What is required.
Search the records for the word "negative" and report each line that has it.

Provided data.
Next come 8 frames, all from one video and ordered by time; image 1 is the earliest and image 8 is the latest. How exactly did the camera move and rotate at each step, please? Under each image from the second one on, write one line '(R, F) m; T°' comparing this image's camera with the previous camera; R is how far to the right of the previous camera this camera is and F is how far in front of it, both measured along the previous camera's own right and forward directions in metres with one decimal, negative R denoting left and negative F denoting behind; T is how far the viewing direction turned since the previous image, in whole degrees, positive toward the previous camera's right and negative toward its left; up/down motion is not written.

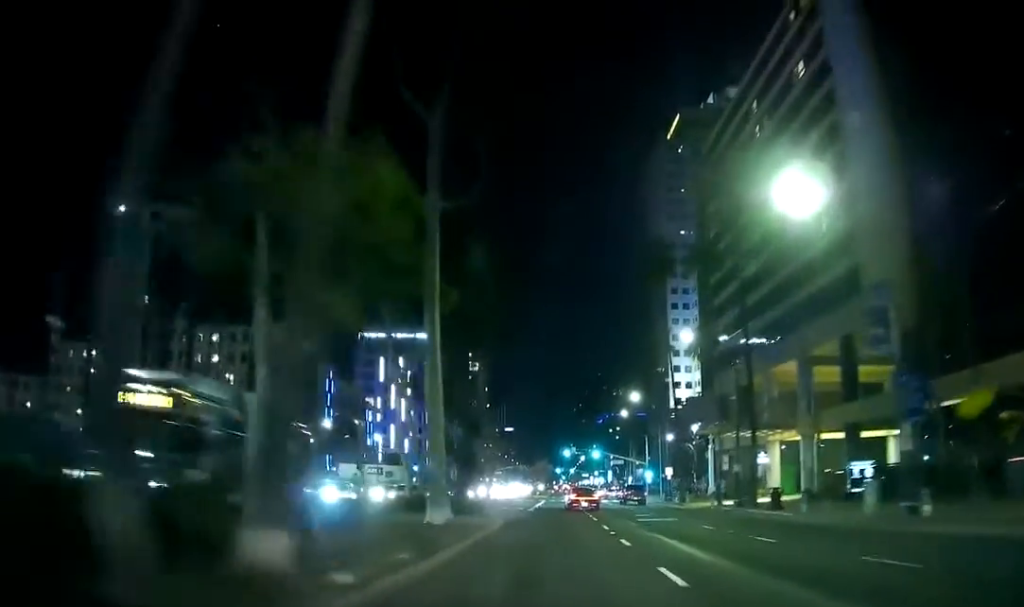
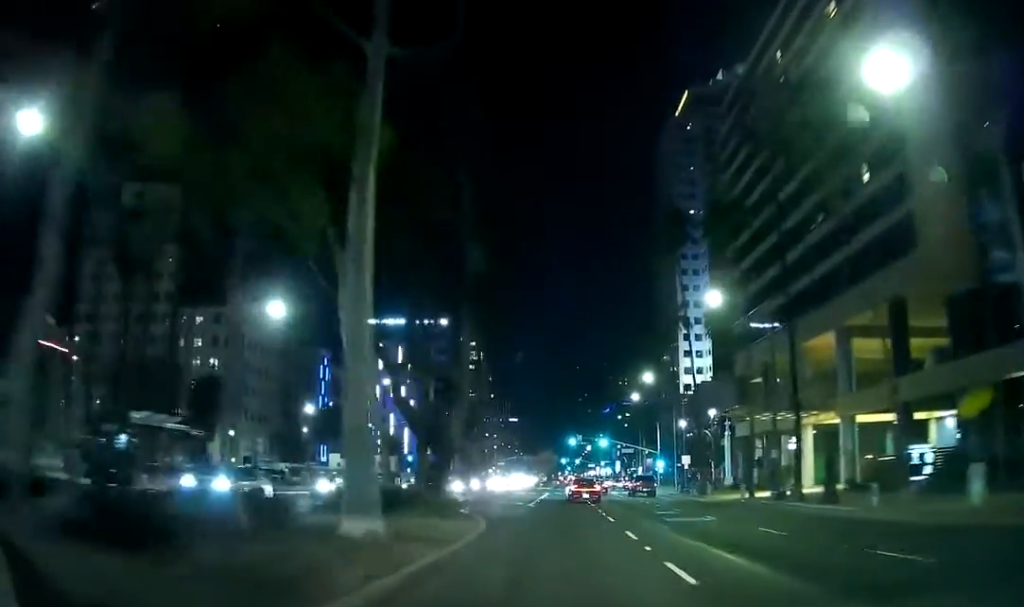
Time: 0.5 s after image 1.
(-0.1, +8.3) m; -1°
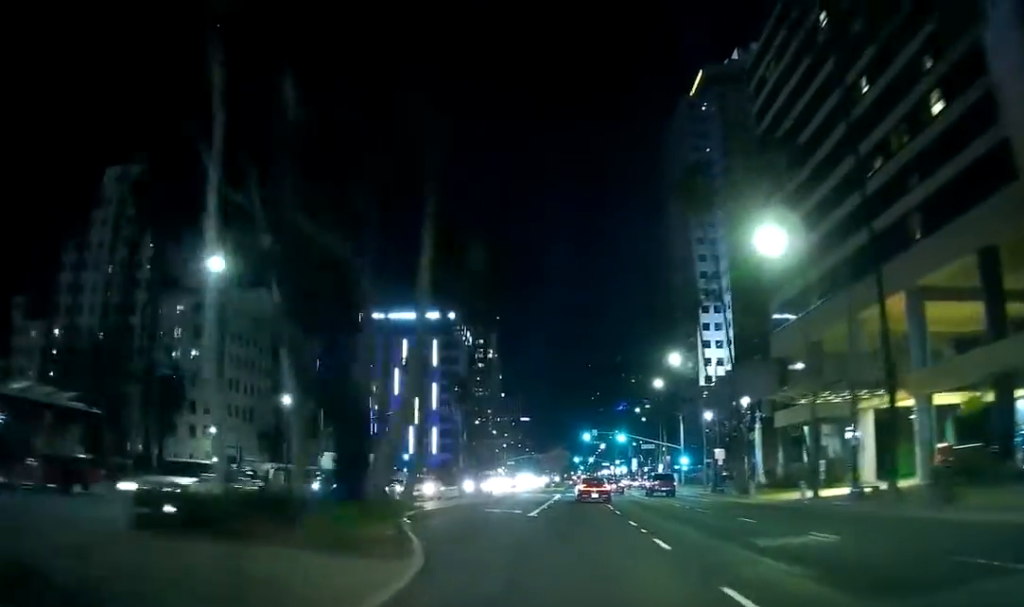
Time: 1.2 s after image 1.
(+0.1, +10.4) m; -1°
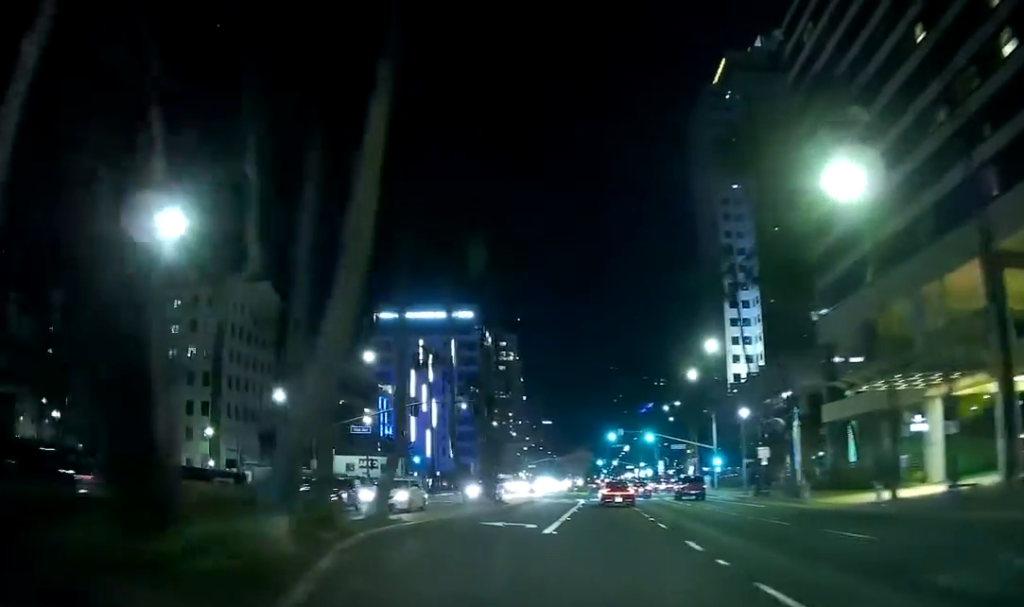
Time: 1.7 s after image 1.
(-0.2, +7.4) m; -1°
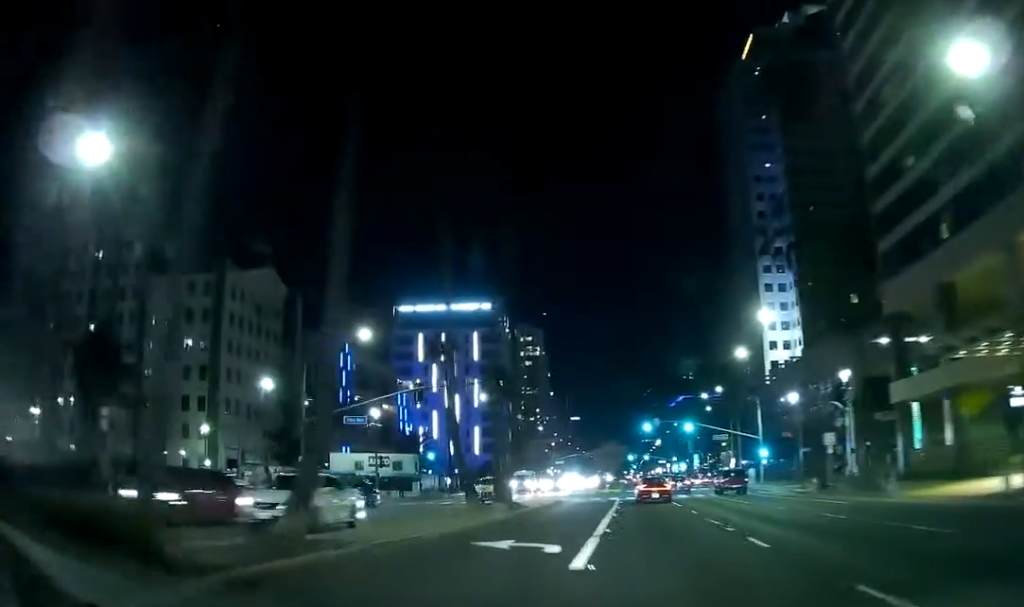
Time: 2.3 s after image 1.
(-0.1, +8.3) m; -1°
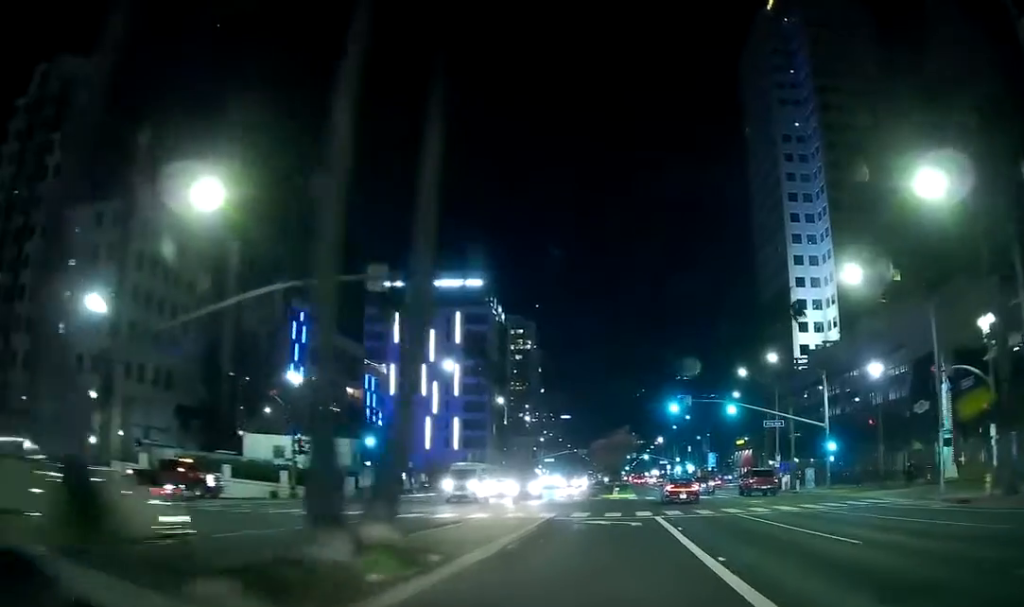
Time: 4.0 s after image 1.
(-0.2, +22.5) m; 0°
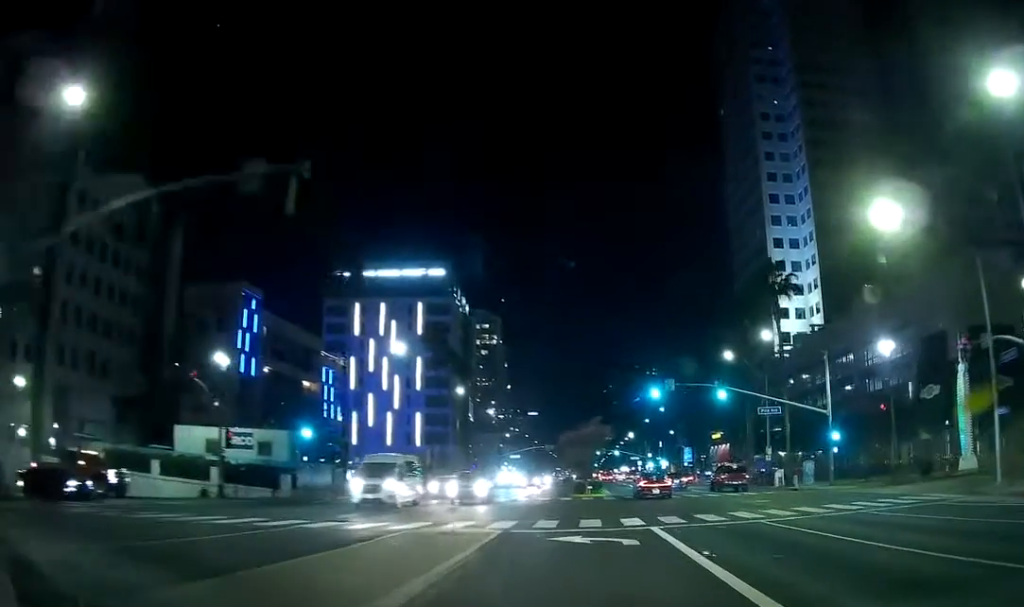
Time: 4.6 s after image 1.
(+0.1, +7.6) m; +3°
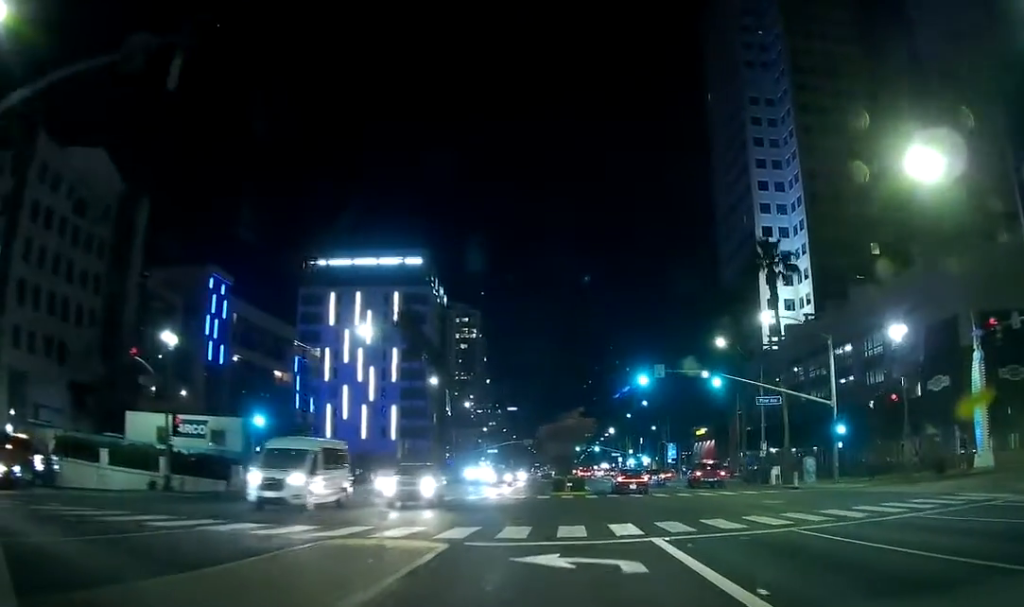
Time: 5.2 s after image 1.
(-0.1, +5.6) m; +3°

--

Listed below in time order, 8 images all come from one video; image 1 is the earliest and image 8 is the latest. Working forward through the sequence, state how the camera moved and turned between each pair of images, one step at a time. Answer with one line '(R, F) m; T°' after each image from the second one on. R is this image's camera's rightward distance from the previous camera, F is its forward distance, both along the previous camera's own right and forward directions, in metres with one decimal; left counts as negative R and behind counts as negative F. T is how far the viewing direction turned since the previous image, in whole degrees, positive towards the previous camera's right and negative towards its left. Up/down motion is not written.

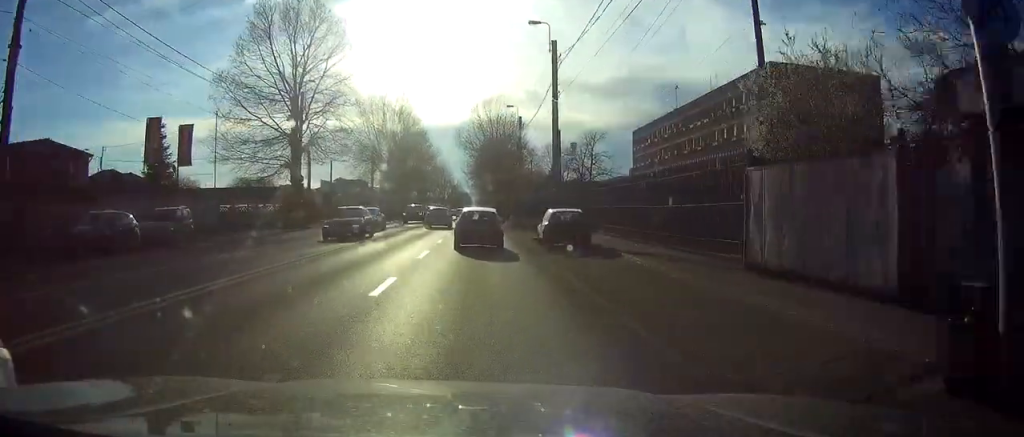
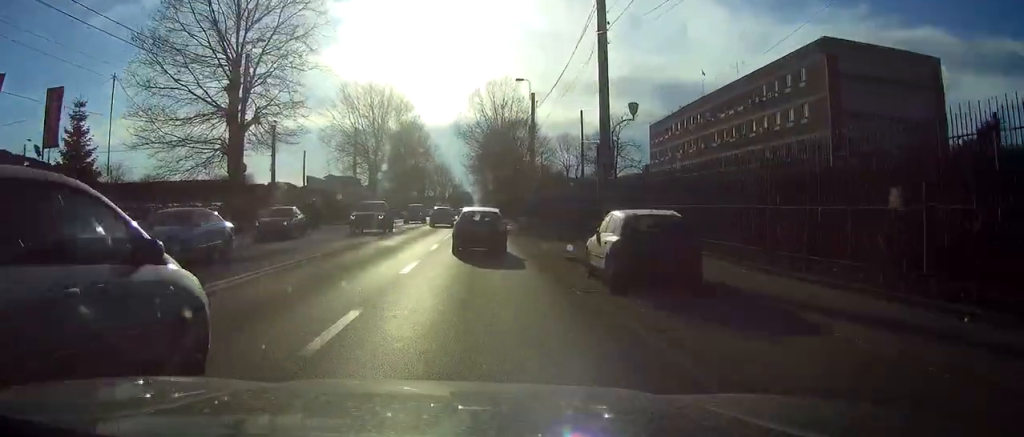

Completed task.
Next come 8 frames, all from one video and ordered by time; image 1 is the earliest and image 8 is the latest. How exactly did the camera move and rotate at each step, please? Under each image from the second one on, write one line '(R, F) m; T°' comparing this image's camera with the previous camera; R is how far to the right of the previous camera this camera is and F is how far in front of it, both measured along the previous camera's own right and forward directions in metres with one decimal, negative R denoting left and negative F denoting behind; T is how far the viewing direction turned since the previous image, in whole degrees, positive toward the previous camera's right and negative toward its left; up/down motion is not written.
Listed below in time order, 8 images all come from one video; image 1 is the earliest and image 8 is the latest. Working forward through the sequence, state how the camera moved and turned between each pair of images, one step at a time. Answer with one line '(R, F) m; T°' after each image from the second one on. R is this image's camera's rightward distance from the previous camera, F is its forward distance, both along the previous camera's own right and forward directions, in metres with one decimal; left counts as negative R and behind counts as negative F. T is how far the viewing direction turned since the previous image, in whole degrees, positive towards the previous camera's right and negative towards its left. Up/down motion is not written.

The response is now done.